Input material –
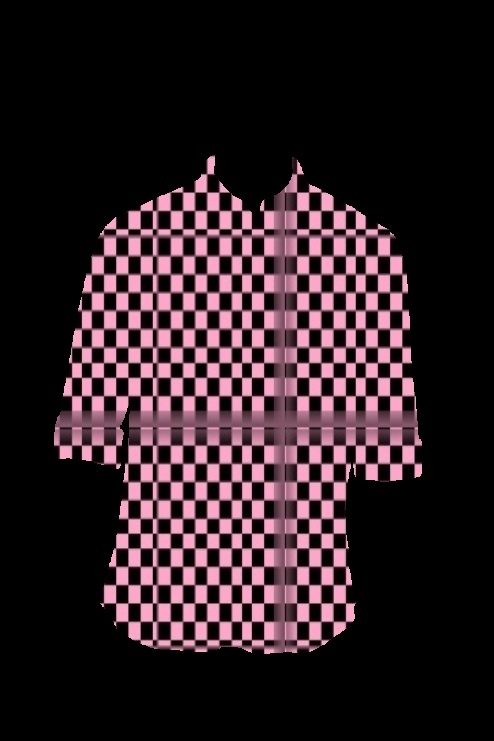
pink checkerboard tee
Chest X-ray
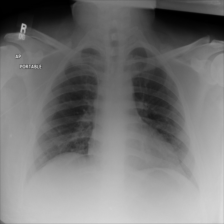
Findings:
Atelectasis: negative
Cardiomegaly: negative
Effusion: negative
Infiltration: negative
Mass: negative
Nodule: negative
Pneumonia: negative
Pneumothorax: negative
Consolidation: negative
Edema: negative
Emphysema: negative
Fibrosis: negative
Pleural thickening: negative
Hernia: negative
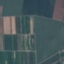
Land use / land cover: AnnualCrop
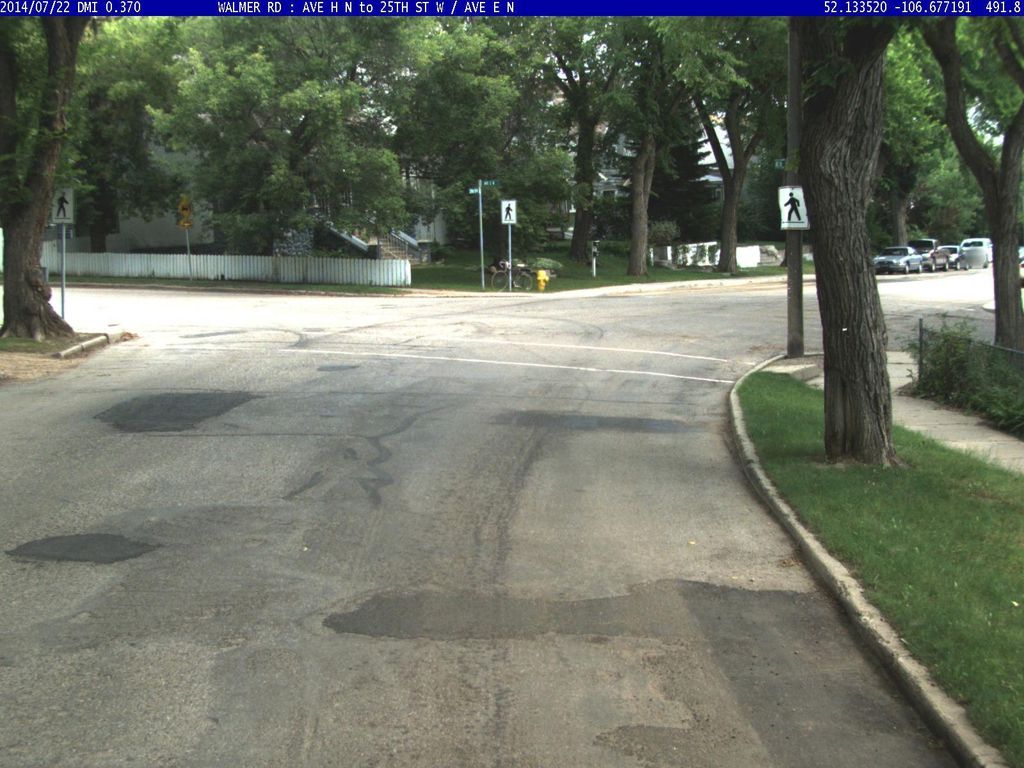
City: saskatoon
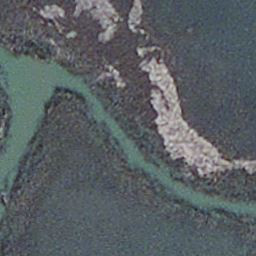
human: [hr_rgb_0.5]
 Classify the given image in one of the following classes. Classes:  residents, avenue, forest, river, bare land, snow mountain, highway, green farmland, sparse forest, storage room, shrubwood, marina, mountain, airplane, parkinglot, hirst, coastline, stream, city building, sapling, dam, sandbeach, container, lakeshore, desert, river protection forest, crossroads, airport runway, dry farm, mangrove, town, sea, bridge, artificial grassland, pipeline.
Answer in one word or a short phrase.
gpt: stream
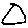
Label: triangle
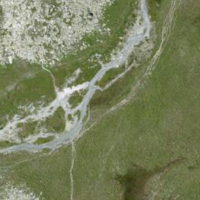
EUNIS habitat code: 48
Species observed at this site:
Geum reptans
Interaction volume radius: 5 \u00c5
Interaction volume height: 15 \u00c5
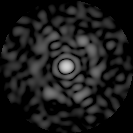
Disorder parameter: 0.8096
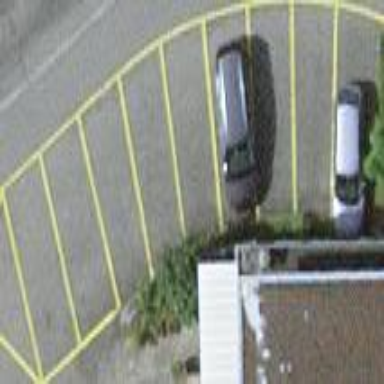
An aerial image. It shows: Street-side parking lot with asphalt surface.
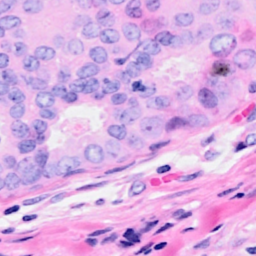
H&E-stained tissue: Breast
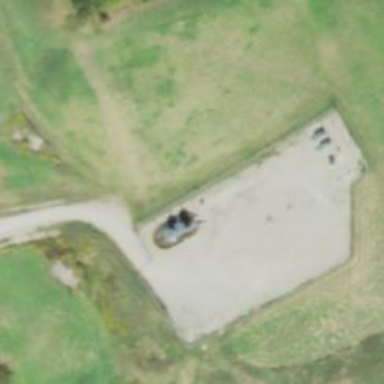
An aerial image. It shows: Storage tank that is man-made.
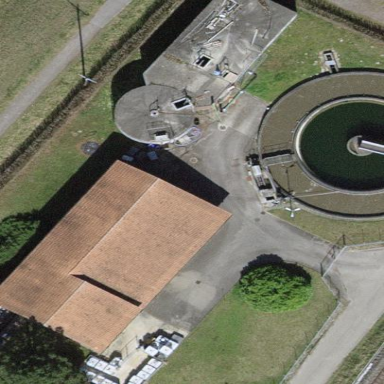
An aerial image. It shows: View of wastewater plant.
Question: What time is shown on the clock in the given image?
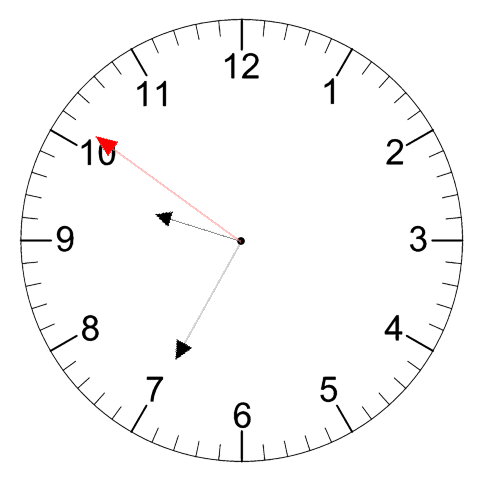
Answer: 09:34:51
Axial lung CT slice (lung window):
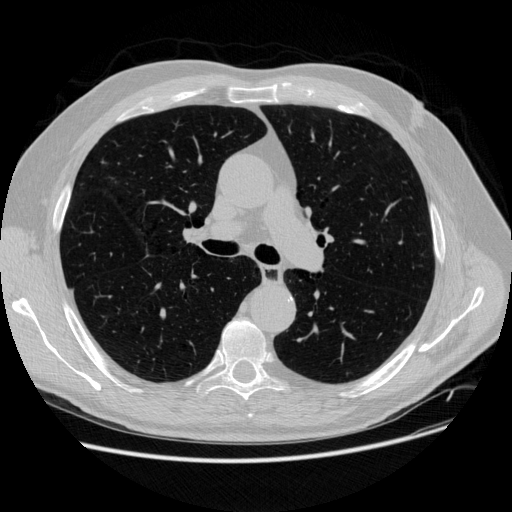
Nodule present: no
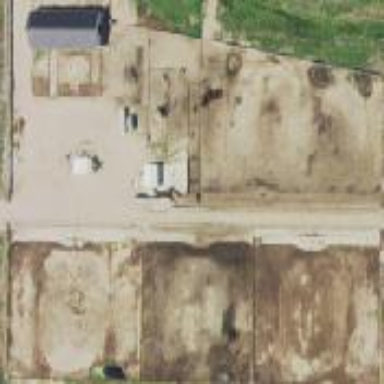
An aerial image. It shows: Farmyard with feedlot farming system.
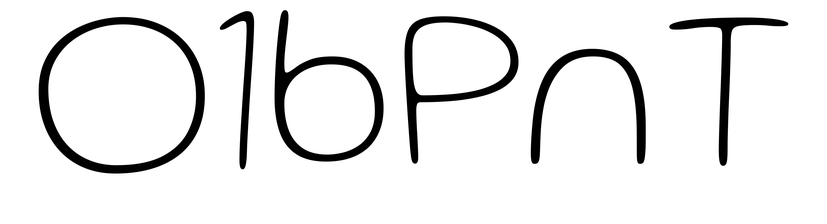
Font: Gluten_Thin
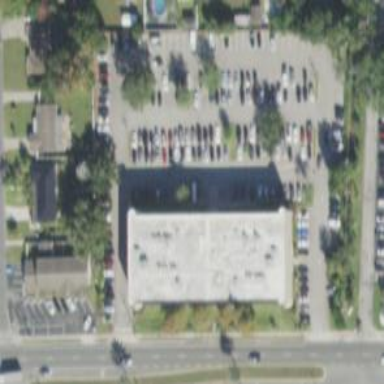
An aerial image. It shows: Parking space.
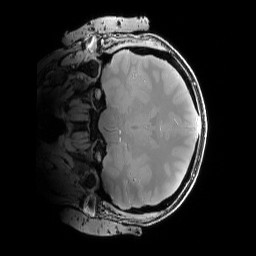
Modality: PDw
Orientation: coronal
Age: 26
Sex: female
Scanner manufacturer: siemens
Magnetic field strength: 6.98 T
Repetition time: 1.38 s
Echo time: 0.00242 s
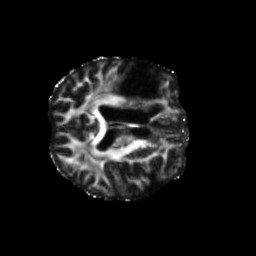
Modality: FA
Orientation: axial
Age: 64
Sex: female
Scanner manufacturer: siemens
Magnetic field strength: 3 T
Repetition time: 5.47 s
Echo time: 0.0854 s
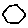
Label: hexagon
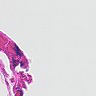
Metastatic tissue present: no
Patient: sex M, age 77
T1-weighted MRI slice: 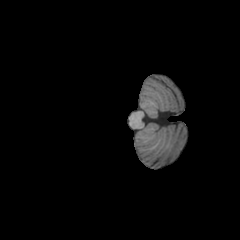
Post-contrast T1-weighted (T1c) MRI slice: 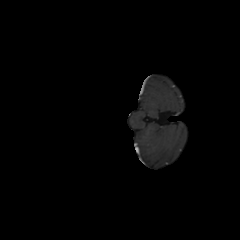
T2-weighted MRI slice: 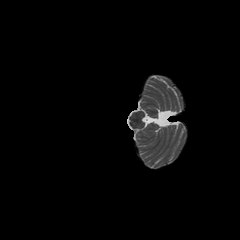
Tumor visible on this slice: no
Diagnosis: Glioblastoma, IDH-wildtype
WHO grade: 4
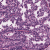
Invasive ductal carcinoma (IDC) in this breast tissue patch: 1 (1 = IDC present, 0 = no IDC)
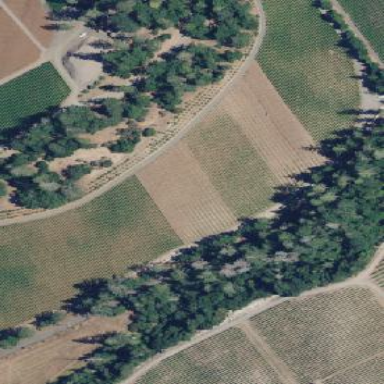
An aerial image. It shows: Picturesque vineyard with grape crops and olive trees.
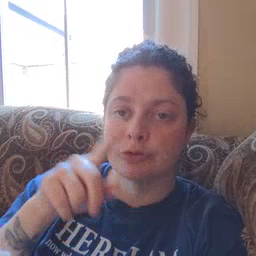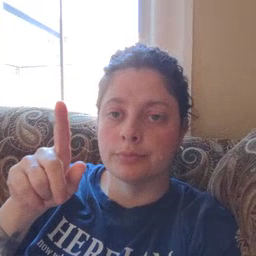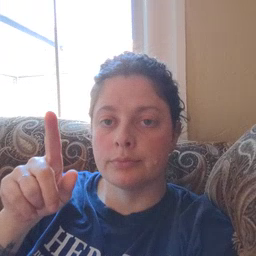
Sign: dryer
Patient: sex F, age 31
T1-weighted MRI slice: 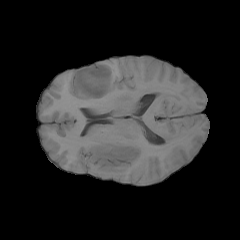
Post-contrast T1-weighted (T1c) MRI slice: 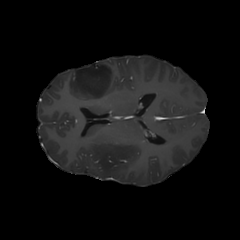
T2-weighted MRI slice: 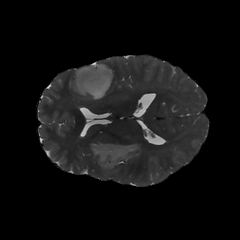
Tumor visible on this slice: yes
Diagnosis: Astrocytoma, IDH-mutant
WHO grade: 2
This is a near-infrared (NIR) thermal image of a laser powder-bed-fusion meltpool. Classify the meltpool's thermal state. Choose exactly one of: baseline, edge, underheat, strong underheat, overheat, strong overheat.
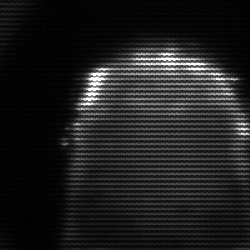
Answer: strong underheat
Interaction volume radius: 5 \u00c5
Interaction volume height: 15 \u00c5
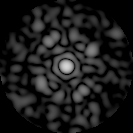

Task goal –
Going by the data above, give back only the lines from the one containing "Hernia: negative" through the one containing "Answer in one word or a short phrase.", exactly as they stand, both ends included and no images.

Written reply –
Hernia: negative
Land use / land cover: AnnualCrop
City: saskatoon
human: [hr_rgb_0.5]
 Classify the given image in one of the following classes. Classes:  residents, avenue, forest, river, bare land, snow mountain, highway, green farmland, sparse forest, storage room, shrubwood, marina, mountain, airplane, parkinglot, hirst, coastline, stream, city building, sapling, dam, sandbeach, container, lakeshore, desert, river protection forest, crossroads, airport runway, dry farm, mangrove, town, sea, bridge, artificial grassland, pipeline.
Answer in one word or a short phrase.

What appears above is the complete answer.